You don’t need a weatherman …

… to know which way the wind blows – Subterranean Homesick Blues, Bob Dylan, recorded on January 14, 1965.  According to english.stackexchange.com, the lyric was the inspiration for the name of the American radical left group the Weathermen, a breakaway from the Students for a Democratic Society. In a 2007 study of legal opinions and briefs that found Bob Dylan was quoted by judges and lawyer more than any other songwriter, “you don’t need a weatherman…” was distinguished as the line most often cited.

I mention this apropos of nothing other than I was at Traigh for their Open over the weekend and, as always, from the high points on the course, you don’t need a weatherman, you can see the weather coming for miles and there was plenty of it.

The view from the 3rd tee

The Clubhouse – the umbrella accurately indicates that the sun was only a passing fancy

Threatening weather

Not immediately apparent, but my bottom half is drenched 😦

The view from the 2nd tee

Looking back to the 2nd tee – Traigh Open 2018 – the essence of Golf in the Wild

While I am going off at tangents, I will make this not particularly original observation – to fully appreciate any music you must hear it in the context of its own time. This track and everything else on Bringing It All Back Home was a shining beacon of originality which inevitably fades with time and the production of more than 50 years worth of subsequent music. Nevertheless, I can still remember the excitement felt by that introverted 14 year-old as this album first emerged from the single speaker of the family Dansette. All the words are still inside my head.

Like a fire in the sun …

Northumberland has been clinging to the wreckage of autumn these last few weeks but its all over now.  Despite Black Friday, despite the ever sooner onset of Christmas and the tyranny of things, it has been a quiet few weeks in Beaufront Woodhead.  It is also a time of inner conflicts.  The desire to play golf set against too damp courses and uninviting weather – the solution – head for the coast. The impatient need to be out on two wheels set against slippery surfaces, biting winds and too much salt on the roads – the solution – sit tight and polish the hardware.

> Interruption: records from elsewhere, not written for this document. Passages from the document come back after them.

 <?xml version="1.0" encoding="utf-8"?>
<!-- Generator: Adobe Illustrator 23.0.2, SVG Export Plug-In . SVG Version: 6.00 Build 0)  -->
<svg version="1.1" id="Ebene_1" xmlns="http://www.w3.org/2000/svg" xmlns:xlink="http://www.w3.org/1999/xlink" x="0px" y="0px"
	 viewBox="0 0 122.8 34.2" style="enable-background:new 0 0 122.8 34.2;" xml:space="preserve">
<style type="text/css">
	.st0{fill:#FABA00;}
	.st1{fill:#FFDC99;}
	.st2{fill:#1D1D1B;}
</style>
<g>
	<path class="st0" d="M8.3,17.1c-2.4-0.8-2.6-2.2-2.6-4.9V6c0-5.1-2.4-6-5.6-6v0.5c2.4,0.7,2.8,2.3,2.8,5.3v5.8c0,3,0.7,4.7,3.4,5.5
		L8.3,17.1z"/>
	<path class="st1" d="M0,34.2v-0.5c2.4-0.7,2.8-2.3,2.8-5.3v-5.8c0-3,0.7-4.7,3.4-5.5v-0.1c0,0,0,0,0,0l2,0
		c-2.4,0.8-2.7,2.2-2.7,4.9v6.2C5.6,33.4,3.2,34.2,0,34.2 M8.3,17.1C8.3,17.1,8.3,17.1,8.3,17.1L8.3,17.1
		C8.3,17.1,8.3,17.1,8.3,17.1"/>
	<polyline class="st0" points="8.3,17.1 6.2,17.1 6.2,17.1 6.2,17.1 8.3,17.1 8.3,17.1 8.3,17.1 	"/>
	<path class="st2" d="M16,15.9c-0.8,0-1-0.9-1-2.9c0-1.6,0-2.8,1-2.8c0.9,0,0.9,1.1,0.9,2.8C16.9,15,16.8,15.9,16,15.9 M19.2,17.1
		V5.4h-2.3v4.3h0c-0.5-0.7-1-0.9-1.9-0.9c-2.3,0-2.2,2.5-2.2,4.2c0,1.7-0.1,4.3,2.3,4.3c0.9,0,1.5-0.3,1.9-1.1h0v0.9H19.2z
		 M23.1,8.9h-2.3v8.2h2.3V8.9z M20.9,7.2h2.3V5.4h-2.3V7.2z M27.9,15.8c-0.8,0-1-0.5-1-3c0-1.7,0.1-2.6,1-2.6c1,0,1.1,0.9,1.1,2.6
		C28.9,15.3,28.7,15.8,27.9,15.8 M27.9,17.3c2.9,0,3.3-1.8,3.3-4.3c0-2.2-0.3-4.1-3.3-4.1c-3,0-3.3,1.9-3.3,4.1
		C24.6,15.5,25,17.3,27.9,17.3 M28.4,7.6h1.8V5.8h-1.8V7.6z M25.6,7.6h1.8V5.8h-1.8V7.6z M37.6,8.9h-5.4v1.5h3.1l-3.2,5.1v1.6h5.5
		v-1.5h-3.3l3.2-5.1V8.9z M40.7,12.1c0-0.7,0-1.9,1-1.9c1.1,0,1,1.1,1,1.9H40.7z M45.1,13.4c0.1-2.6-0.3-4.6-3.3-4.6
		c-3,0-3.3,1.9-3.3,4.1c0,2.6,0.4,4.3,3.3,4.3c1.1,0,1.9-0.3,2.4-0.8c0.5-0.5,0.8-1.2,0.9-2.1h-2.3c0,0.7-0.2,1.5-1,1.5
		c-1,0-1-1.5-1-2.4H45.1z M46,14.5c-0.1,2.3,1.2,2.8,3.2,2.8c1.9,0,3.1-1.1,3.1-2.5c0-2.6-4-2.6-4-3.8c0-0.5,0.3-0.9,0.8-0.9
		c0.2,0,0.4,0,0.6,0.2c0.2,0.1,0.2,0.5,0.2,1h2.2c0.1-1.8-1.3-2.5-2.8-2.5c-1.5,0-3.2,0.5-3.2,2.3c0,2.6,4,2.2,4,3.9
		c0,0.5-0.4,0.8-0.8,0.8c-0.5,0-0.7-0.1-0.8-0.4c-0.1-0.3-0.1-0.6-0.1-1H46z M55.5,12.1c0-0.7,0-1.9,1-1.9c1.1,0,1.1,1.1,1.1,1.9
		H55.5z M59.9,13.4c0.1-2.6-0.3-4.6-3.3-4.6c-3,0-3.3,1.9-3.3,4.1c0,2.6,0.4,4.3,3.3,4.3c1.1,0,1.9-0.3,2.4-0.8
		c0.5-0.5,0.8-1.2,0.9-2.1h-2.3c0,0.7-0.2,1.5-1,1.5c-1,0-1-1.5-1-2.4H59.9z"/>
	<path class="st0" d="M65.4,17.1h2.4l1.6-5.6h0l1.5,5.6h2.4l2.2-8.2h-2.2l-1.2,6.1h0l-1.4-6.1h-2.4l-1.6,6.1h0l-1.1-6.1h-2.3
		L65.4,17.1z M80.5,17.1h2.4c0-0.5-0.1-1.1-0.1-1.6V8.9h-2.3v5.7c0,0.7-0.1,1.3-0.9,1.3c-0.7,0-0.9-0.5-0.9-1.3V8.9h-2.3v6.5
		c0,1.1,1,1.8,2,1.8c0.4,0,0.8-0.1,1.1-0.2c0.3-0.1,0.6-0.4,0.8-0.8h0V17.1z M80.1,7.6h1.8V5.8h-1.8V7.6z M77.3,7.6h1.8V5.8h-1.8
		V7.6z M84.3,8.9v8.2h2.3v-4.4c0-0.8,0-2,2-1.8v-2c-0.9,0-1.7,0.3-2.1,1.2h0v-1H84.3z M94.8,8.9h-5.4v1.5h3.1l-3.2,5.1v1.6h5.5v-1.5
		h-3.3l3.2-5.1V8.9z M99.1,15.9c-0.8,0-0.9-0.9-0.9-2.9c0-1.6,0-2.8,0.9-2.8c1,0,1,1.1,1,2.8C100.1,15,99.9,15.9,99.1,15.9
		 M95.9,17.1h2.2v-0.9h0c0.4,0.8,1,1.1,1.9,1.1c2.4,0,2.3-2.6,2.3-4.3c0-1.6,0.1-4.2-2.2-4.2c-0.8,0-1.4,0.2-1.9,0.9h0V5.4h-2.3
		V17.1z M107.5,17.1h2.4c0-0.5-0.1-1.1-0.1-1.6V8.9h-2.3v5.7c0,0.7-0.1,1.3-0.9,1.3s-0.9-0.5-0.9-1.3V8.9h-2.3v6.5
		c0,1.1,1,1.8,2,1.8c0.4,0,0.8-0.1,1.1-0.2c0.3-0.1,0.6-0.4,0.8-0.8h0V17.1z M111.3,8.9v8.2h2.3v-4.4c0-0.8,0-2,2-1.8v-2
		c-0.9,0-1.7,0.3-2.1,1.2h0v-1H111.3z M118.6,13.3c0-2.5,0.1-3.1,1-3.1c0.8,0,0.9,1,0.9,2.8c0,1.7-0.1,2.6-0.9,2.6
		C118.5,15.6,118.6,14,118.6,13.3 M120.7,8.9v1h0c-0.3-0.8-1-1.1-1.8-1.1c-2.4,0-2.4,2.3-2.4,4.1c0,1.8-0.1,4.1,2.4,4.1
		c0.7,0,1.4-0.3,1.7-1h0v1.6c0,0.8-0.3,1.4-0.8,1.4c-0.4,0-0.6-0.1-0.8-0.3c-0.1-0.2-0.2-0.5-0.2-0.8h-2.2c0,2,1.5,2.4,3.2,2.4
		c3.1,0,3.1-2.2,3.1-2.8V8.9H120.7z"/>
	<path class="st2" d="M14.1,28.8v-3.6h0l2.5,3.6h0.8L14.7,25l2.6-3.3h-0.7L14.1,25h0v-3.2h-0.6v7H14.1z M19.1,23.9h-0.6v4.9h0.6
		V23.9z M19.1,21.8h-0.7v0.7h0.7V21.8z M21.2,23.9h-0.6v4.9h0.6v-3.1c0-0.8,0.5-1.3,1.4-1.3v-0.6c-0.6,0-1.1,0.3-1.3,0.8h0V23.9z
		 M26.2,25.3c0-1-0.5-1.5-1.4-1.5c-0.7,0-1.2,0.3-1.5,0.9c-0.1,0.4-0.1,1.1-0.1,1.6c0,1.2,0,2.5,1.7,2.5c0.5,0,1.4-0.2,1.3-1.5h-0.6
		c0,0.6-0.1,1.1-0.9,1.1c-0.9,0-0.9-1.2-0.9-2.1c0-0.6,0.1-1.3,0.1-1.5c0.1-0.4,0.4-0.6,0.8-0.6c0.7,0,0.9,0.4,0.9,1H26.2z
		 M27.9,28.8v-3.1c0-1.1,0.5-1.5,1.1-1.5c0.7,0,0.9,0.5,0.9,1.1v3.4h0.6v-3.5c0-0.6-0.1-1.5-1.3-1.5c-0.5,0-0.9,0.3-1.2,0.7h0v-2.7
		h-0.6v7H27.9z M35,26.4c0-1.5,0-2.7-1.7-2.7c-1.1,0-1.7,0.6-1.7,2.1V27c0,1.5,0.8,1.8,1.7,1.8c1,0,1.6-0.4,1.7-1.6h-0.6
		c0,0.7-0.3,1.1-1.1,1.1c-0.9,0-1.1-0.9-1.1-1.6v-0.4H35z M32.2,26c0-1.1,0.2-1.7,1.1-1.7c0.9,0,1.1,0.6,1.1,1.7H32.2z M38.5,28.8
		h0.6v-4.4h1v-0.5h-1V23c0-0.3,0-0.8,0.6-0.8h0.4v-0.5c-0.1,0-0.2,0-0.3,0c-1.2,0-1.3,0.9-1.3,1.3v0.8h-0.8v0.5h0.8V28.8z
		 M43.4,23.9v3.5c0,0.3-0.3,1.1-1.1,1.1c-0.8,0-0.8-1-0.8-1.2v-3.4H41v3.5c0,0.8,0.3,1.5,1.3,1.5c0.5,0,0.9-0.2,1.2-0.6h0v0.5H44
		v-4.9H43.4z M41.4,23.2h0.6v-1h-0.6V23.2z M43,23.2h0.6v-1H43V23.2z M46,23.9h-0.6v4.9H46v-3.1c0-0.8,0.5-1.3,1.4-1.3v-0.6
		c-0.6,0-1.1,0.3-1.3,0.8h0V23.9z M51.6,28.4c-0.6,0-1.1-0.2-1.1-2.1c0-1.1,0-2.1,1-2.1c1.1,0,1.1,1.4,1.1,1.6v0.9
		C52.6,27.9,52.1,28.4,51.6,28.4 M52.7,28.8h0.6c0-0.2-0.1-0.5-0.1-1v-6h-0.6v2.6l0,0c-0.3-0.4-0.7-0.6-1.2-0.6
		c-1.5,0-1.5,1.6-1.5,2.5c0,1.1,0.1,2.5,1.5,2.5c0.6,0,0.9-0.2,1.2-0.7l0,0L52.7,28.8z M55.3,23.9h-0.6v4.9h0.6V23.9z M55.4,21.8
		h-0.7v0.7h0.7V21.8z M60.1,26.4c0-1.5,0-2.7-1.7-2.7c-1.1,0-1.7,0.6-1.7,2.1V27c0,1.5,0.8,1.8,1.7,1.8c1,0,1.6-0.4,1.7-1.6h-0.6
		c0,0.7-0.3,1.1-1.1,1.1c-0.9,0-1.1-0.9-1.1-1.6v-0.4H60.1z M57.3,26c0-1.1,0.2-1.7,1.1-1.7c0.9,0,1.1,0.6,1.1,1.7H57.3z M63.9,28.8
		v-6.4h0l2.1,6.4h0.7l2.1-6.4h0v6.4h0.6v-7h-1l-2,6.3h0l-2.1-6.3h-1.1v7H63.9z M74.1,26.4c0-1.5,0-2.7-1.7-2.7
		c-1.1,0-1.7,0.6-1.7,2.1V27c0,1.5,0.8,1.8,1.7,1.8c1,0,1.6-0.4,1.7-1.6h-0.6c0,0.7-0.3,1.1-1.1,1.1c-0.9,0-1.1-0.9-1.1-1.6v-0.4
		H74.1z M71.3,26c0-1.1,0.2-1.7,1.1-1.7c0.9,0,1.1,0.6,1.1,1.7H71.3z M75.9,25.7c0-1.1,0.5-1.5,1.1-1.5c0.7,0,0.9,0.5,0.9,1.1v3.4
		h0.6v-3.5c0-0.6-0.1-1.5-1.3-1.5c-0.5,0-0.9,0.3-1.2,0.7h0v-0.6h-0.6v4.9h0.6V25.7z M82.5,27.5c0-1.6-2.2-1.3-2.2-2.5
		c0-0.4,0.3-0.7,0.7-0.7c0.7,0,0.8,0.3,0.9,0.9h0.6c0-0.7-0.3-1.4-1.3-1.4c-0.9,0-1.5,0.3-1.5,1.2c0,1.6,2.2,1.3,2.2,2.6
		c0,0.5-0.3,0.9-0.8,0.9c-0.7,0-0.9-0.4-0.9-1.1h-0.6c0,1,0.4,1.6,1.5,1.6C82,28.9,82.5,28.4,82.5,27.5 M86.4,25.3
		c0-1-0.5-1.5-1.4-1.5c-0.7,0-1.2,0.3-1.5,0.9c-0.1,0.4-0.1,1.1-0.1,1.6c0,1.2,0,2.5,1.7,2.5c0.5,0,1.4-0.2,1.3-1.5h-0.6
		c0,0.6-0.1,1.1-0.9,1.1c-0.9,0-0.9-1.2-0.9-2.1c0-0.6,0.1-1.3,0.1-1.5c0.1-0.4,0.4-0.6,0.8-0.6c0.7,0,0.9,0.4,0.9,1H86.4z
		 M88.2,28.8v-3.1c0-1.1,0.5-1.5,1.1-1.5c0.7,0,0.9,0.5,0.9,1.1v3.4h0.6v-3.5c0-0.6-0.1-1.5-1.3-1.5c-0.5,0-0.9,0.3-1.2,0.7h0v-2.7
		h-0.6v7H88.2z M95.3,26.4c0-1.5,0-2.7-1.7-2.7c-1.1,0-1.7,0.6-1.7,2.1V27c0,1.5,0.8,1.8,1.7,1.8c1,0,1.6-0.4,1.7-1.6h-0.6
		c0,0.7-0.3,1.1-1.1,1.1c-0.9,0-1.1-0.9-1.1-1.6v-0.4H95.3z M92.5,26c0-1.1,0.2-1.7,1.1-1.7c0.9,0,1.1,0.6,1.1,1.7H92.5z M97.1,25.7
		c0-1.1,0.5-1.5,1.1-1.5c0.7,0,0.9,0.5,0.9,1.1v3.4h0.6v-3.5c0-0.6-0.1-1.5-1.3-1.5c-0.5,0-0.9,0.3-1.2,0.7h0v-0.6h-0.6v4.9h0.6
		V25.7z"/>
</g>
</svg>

For now, the priority is the much delayed task of writing the follow-up to Golf in the Wild. My modest ambitions for the first version have been met – the production costs have been recovered and 800+ copies shipped.  The sequel is progressing at a glacial pace – I am currently researching Loch Eriboll, just a few miles down the road from the return journey’s place of departure, Durness. Eriboll has some fascinating history, not least that in May 1945, this was the location for the surrender of thirty three U-boats, the pride of Germany’s Wolfpack.  I could be stuck in these waters for weeks, but no matter, the days are short and the nights long.

In the meantime, this is Northumberland as autumn falls into winter:

The view north ... Hopeful Monster ... Perfect conditions ... Messing about ...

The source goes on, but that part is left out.